Personal information
- Born: 26 November 1911 Amiens, France
- Died: 22 May 2021 (aged 109) Mitry-Mory, France
- Height: 1.50 m (4 ft 11 in)

Sport
- Sport: Cycling

= Robert Marchand (cyclist) =

French cyclist (1911–2021)

 Robert Marchand (26 November 1911 – 22 May 2021) was a French centenarian cyclist. He was the holder of the world record for cycling 100 km and for the distance cycled in one hour, in both the 100–104 and over-105 years old age categories.

==Early life==
Marchand was born in Amiens, near what was to later become the front line of World War I.

Marchand was a firefighter in Paris in the 1930s. He took an active part during the strikes of 1936 in France which gave birth to the modern era of French employment legislation. He was a prisoner-of-war during World War II. After liberation he moved to Venezuela, where he was a lorry driver and sugarcane planter. In the 1950s, he went to Canada, where he had a job as a lumberjack. He returned to France in 1960 and worked as a gardener and wine dealer until 1987.

He was a member of the French Communist Party and the CGT Trade Union, the longest-serving living member, with 90 years of membership. At the time of his death he was one of the oldest remaining World War II veterans.

==Cycling career==
He returned to cycling in 1978 and continued training after his 100th birthday. In February 2012, he set a world record in one-hour track cycling in the over-100 age group at 24.250 km. He improved this record to 26.927 km in January 2014.

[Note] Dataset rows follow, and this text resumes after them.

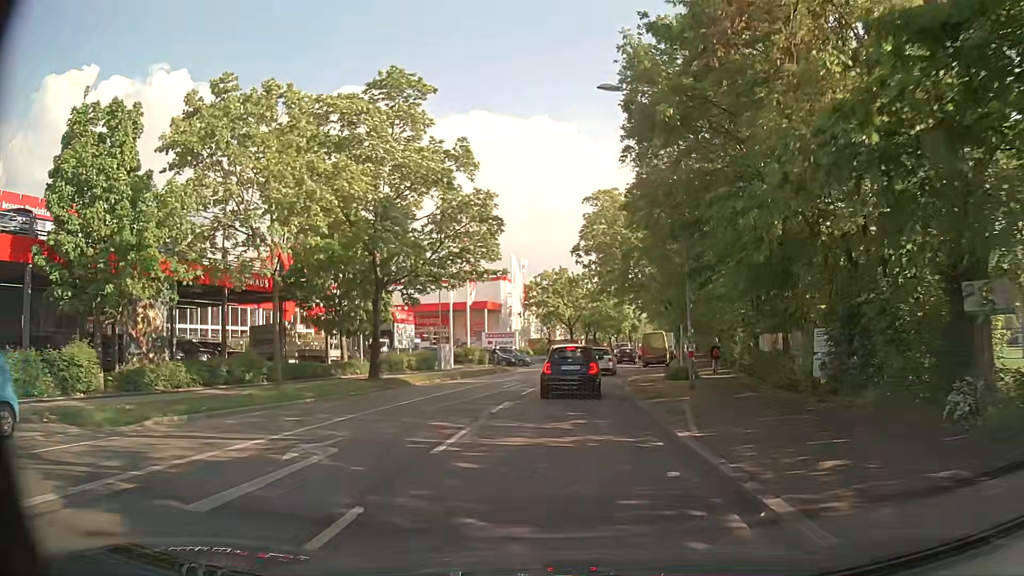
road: secondary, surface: asphalt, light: Day
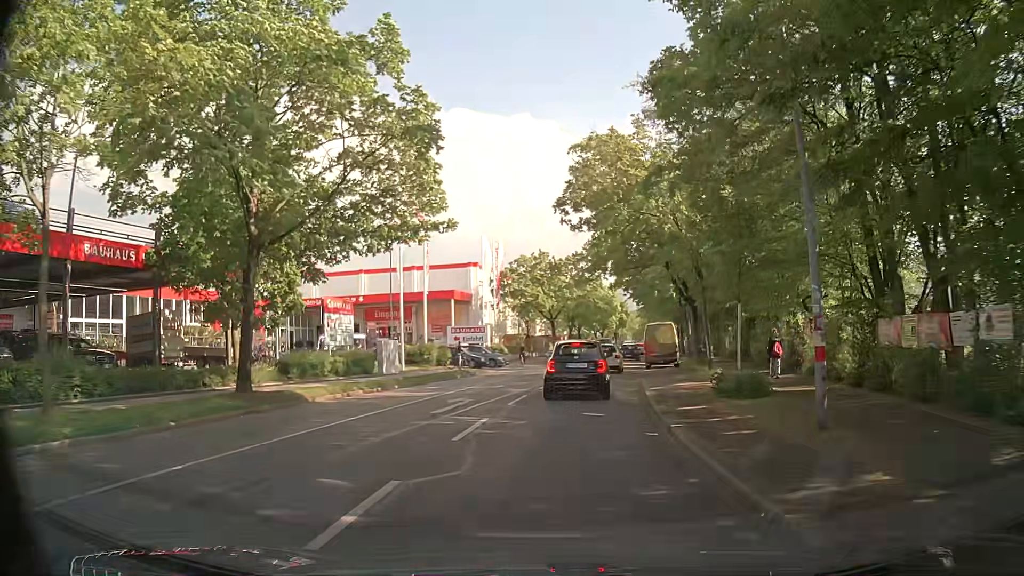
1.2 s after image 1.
(+0.1, +10.8) m; +2°
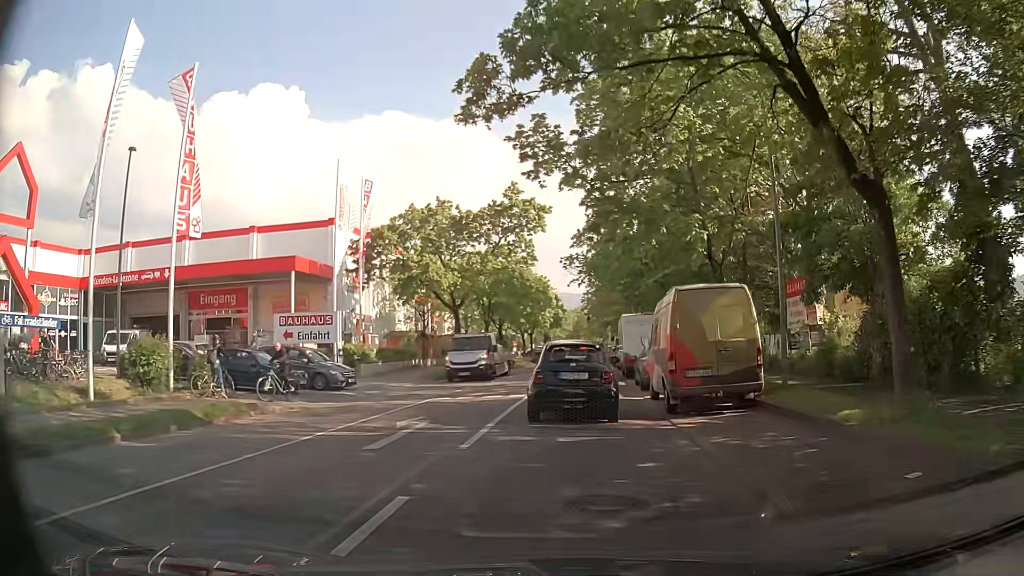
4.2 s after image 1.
(+1.1, +24.3) m; +6°

On 4 January 2017, he set a world record in one-hour track cycling in the over-105 age group, covering 22.547 km in one hour, and the 105 year old centenarian declared: "I could have done better, if I had seen the 10-minute warning card, otherwise I would have pedalled slightly faster".

At the age of 105 he was recognised as the world's oldest competitive cyclist by Guinness World Records.

Marchand put his fitness and longevity down to a diet consisting of: lots of fruit and vegetables, a little meat, not too much coffee – and an hour a day on the cycling home-trainer.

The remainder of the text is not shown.